The participation of excitatory neurotransmitter systems in the basal ganglia in the initiation and propagation of limbic seizures induced by pilocarpine has been investigated in the rat. Limbic seizures (electrographic and motor) occur in rats receiving bilateral microinjections into the entopeduncular nucleus of 12.5 nmol N-methyl-D-aspartate or 0.1 nmol kainate, 15 min prior to a subconvulsant dose of pilocarpine (150 mg/kg, intraperitoneally). N-Methyl-D-aspartate (12.5 nmol) or kainate (0.5 nmol), injected alone bilaterally into the entopeduncular nucleus, induce sniffing and grooming but no electrographic or behavioural seizures. Limbic seizures also occur after a subconvulsant dose of pilocarpine when it is preceded by injection of N-methyl-D-aspartate (12.5 nmol) or kainate (0.5 or 2 nmol) into the dorsal striatum.
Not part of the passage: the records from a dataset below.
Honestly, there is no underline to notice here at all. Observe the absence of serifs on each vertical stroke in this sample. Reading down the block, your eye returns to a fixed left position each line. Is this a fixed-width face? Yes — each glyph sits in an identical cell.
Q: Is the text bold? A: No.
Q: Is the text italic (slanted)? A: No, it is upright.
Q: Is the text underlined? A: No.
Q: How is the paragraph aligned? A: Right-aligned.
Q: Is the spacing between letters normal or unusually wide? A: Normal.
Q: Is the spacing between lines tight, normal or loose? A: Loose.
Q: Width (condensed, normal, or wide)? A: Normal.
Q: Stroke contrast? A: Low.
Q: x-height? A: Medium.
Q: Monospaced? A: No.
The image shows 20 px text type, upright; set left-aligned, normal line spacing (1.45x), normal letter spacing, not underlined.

Behavioural and electrographic signs of limbic seizures following pilocarpine (380 mg/kg) are suppressed by the focal microinjection into the entopeduncular nucleus of the N-methyl-D-aspartate antagonist, 2-amino-7-phosphonoheptanoate (0.02 nmol) or the kainate antagonist, gamma-D-glutamylamino-methylsulphonate (40 nmol). Seizure threshold within the limbic system is modulated by excitatory systems controlling basal ganglia outputs. The relative importance of N-methyl-D-aspartate and non-N-methyl-D-aspartate receptor systems varies between different components of the basal ganglia.[1]